Traci des Jardins, Sean Brock, Michael Cimarusti, Gavin Kaysen, and Donnie Masterton are dining with us, all of them amazing chefs. Like amazing amazing. The kid’s table, at which I am the head, is made up of Sean, Traci, Gavin, and Gail. It is a super table. At the table I decide to hold true to the tourist warning of not drinking the water. I thus only drink wine and the phenomenal beauty of Casa Dragones tequila, a concoction that will make me sleep soundly (but probably by dessert) on the table.

Mei hits us with an octopus that I really, really like. It resounds with flavors of coconut, avocado, and fish sauce.
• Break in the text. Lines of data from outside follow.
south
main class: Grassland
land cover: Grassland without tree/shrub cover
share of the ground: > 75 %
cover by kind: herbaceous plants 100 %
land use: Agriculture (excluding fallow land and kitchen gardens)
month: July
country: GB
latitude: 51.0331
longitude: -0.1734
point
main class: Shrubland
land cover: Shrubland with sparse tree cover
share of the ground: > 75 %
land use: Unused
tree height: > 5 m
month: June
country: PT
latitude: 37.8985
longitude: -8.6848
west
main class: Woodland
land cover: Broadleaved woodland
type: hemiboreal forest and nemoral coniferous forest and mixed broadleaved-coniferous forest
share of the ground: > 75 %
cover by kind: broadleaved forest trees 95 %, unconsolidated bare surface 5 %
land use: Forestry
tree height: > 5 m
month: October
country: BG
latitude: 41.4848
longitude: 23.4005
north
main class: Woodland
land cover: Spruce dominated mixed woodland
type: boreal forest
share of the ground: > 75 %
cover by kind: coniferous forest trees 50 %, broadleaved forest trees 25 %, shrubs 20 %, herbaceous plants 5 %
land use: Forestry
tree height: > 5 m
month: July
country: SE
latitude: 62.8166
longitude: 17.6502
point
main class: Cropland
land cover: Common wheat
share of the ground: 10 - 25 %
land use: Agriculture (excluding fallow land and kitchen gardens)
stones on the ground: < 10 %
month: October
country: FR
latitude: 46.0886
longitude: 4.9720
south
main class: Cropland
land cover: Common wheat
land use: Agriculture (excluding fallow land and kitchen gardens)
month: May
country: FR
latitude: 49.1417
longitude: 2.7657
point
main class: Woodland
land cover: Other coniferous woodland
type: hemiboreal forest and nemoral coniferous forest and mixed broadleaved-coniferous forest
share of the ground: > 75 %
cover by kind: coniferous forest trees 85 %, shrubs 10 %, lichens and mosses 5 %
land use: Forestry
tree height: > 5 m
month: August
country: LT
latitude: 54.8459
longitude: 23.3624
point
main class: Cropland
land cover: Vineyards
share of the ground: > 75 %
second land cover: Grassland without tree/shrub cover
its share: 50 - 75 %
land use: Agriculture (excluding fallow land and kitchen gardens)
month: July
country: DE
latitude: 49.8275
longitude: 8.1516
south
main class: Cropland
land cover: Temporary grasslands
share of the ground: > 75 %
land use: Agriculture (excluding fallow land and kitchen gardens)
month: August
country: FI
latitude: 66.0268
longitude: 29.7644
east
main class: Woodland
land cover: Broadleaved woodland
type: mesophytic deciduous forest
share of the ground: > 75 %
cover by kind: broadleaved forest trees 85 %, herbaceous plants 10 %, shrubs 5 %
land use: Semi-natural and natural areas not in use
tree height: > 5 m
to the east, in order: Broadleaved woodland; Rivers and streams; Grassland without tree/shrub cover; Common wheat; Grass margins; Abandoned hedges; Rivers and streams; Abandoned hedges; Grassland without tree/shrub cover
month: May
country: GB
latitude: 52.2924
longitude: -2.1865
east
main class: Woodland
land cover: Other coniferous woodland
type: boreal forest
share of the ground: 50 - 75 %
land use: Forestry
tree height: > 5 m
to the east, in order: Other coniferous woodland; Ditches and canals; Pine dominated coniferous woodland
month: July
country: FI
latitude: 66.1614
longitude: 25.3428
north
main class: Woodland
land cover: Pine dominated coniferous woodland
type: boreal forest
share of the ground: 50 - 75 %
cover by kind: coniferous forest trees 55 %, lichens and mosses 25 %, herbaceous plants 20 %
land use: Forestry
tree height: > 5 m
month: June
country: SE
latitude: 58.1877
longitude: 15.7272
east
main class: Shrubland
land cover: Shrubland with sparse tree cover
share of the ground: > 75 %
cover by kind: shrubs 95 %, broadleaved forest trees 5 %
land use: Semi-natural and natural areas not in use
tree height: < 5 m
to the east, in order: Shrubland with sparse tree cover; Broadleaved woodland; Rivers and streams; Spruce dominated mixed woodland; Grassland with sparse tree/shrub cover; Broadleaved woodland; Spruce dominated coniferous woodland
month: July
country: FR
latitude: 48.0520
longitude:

It is deep. The only flaw is that maybe it is a bit over done. The over cooking made it kind of crunchy and she could easily have been cooking it to that point on purpose. Second course from her is a congee, with peanuts, carnitas, egg yolk, and hot sauce. It is so f----ing delicious. Like stylized comfort food that you just want to eat all the time. Comfort food, when perfect, is perhaps the hardest food to cook, because it is by definition food you are very familiar with, resulting in people having a lot of preconceived notions about it. This congee would have silenced all critics on congee. It was that good.

Mei is gliding through this meal. She has palpable confidence, but is still a nicely soft-spoken leader. In my years of watching people lead kitchens, I have always been more taken with the allegiance that soft-spoken leaders cultivate in their staffs. Her third course is a duck course, and like the congee, she has cooked duck at least twice this season, but in entirely different ways. This duck has kimchi, braised lettuce, and huitlacoche on the plate. Huitlacoche is corn smut, a term I just yelled in a coffee shop, making everyone uncomfortable. It is a good plate, but my refrain about duck skin continues. It was a bit chewy. All in all, the dish just was texturally challenged. It needed a crunchy texture. But it was good still. Her last is her version of yogurt dippin’ dots with strawberry-lime curd, milk crumble, and stuff. It was blow-you-away amazing. Very complex, but very successful. Tom says it is the best dessert on Top Chef he has ever had, and I definitely concur, though he has tasted many more than I have. The toasted yogurt base was amazing.

Gregory steps up with a brothy octopus with cashew milk, fresh prickly pear, and also xoconostle, which is the dried version of prickly pear, kind of like a prickly pear fruit roll up. It is a strong dish, and may be the winner in the Octopus Olympiad. His second was a strange soup that was redolent with flavor until you choked with a shrimp head lodged in your gullet. Strange and a little unrefined for me, and pretty much everyone else. It was a wanted textural element, but made a rustic soup weird. The whole dish needs to be compared to the comfort food of Mei’s congee, and in that context it is no contest.

Third course from Gregory is a bass with carrot sauce, tomatillo, vegetables, and pineapple. It is a strange dish. I am worried for Gregory at this point. It is not like the dish was bad, but the dish was just not a winner winner. Well, let’s not rest on that notion, because his next and final course is a stone cold stunner. Simple short ribs in mole with sweet potato. It is purity on the plate and equal to the idea of Mei’s congee in nailing comfort food. Kudos. He’s back on track. This is a close contest.

Judges' Table comes and we deliberate. I am not going to mince words and hold off on this: It is really close, but this season’s winner is definitely Mei. Well deserved. Gregory is the consummate pro in placing second and is going to be a force to be reckoned with in this restaurant world. His win versus addiction and his success in cooking shows one tough person with oodles of talent.

Mei. Mei. You rock. You are a chef’s chef. You make food that excites and makes us ponder. You are a leader and a super cool person. You are the winner and will always be a winner. Onwards.

Until next season. I loved this season. Thanks BOSTON. And thanks San Miguel di Allende. You are awesome places to work.